Our disgusting national pastime
Watching the Mets flame out yet again this past weekend on a new large screen, high definition television, it occurred to me that baseball has got to be the most disgusting sport of them all. Where else can you see grown men spitting every five minutes for three hours straight? And, let's face it, when it comes to disgusting habits, spitting has got to be near the top (in my estimation it's more disgusting than picking your nose or scratching your crotch or ass because at least those nasty habits are self-contained; it may even be more disgusting than belching and farting as well, depending on the intensity and smell).
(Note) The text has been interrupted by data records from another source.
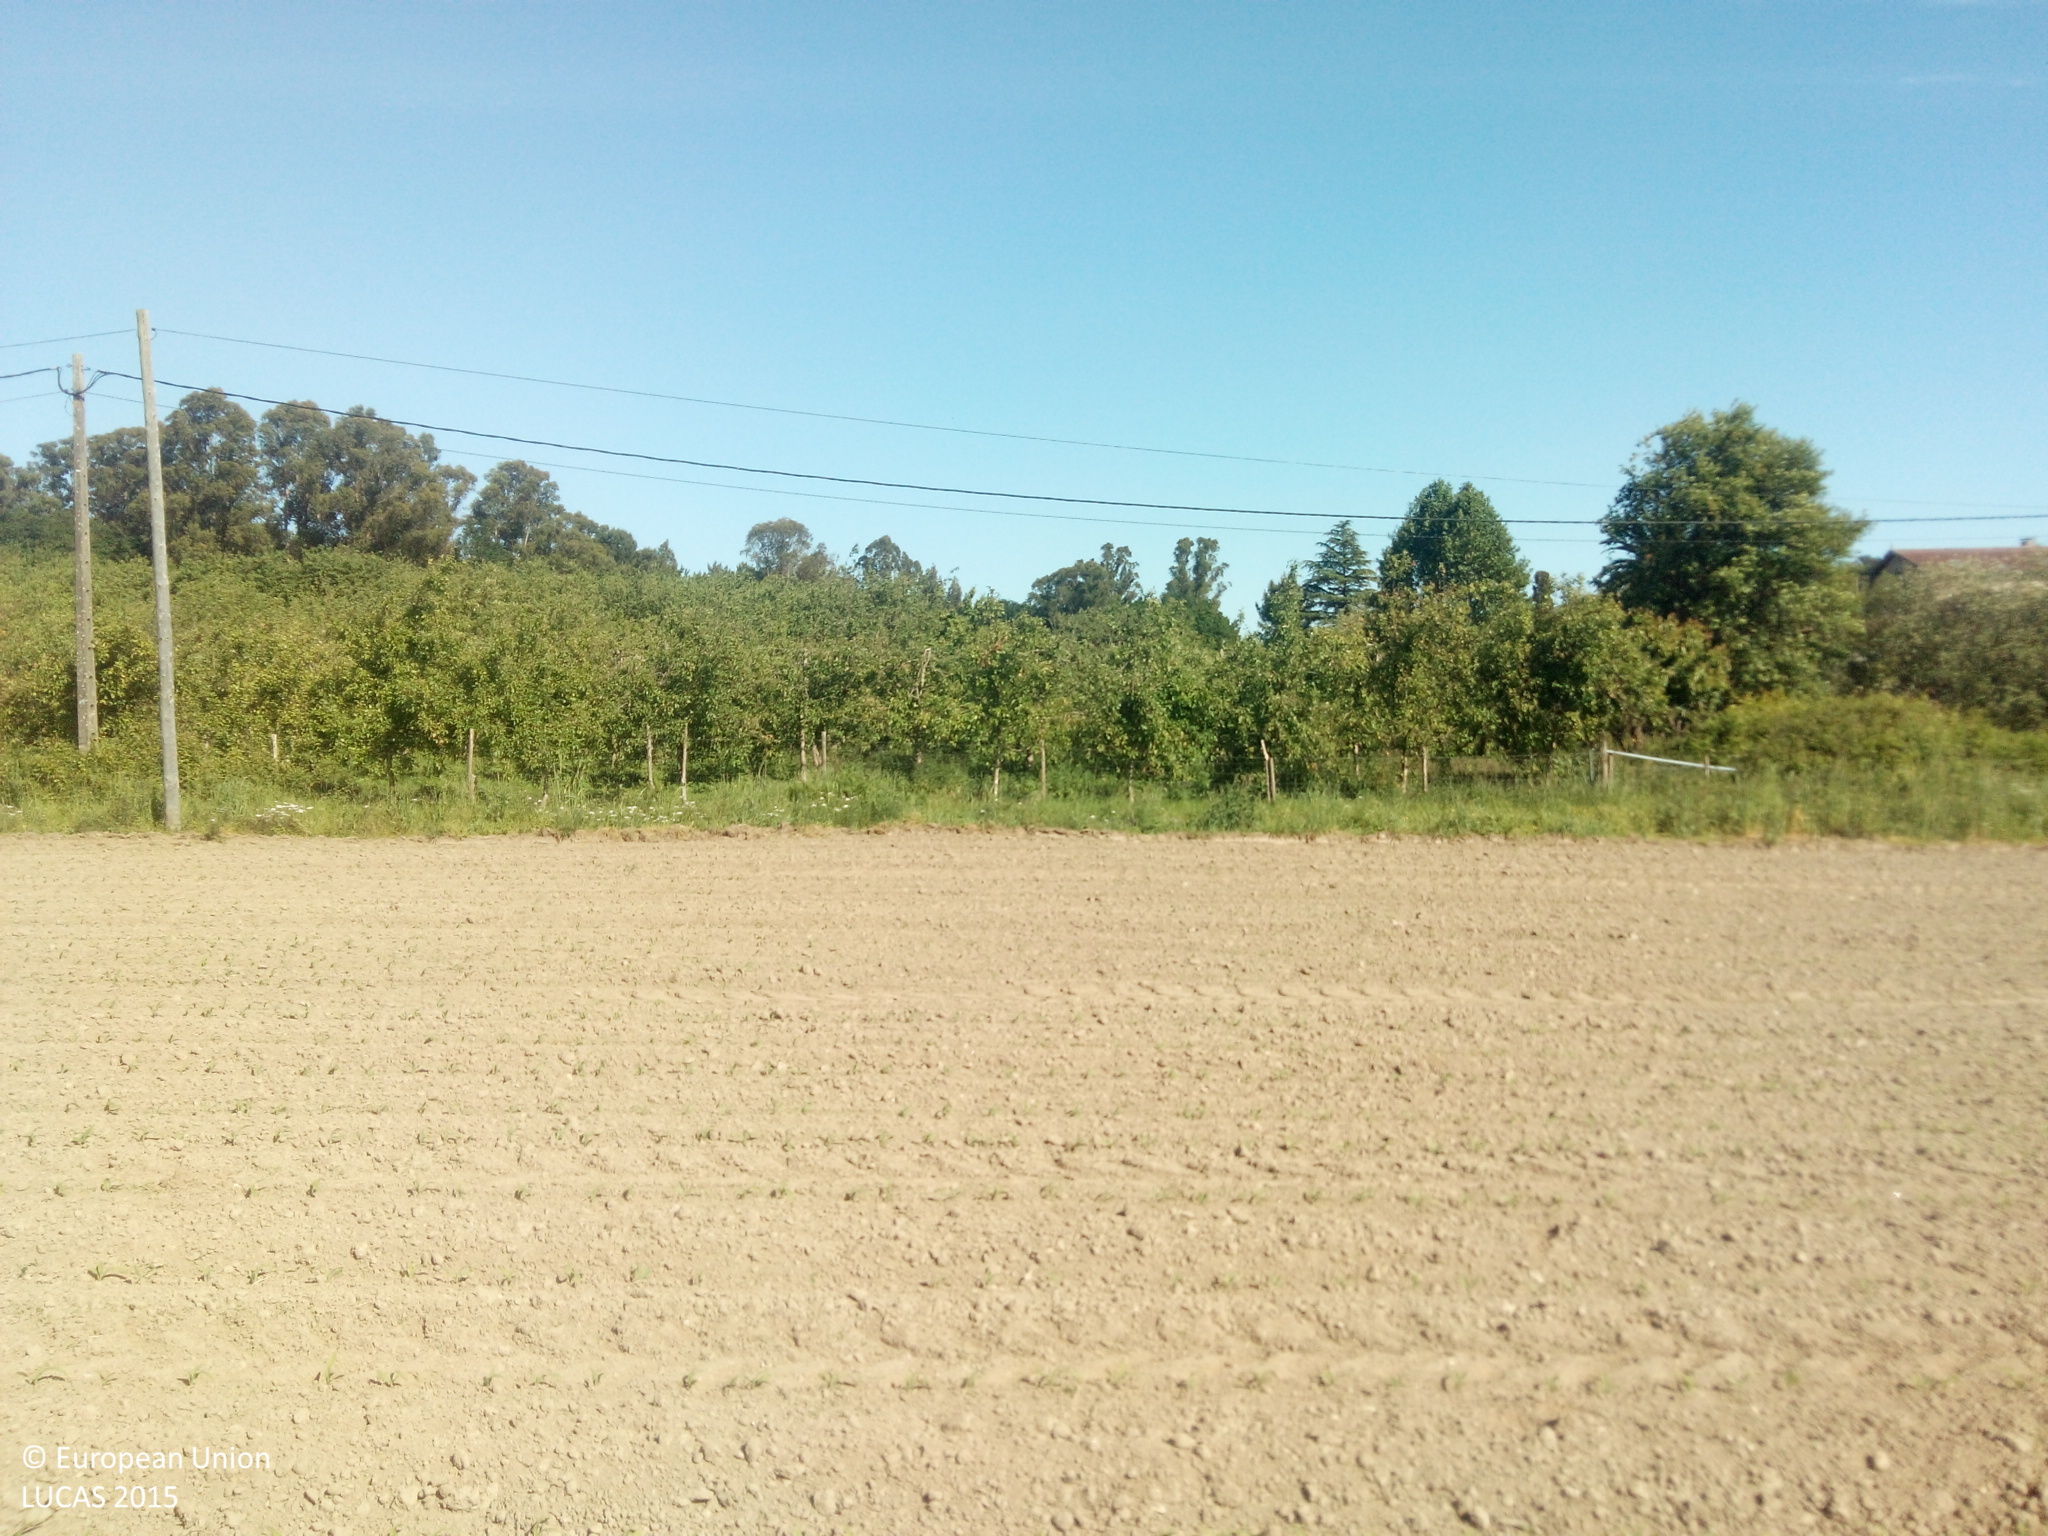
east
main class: Cropland
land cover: Maize
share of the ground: > 75 %
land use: Agriculture (excluding fallow land and kitchen gardens)
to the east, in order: Maize; Ditches and canals; Electric lines; Grass margins; Paved roads, cycling and walking lanes; Grass margins; Ditches and canals; Fences; Electric lines; Apple fruit; Fences; Spontaneously vegetated surfaces; Potatoes; Other fresh vegetables; Spontaneously vegetated surfaces; Grass margins; Tracks; Broadleaved woodland
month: May
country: ES
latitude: 42.7149
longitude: -8.4519

And with the breakthrough of high definition television, not only is the spitting right in your face and more vivid than ever, but you can now discern what exactly is being spit up: saliva (usually in short foamy little spurts), sunflower seeds (in a virtual fireworks-like display from the mouth--can someone explain the appeal of sunflower seeds for me? Why not just take some salt and pour it in your mouth?), and tobacco (the most disgusting of them all, especially when the pitcher is doing it since the camera is trained on him for a good part of the game). One of the most shocking moments of yesterday's game for me (aside from the Mets' collapse) occurred when the umpire removed his mask to join in the spitting orgy (his gob was so copious I suspected it included part of his lunch).
1 Comments:
My post-Labor Day allergies are running their course and no doubt some of the lads were hocking loogies old school.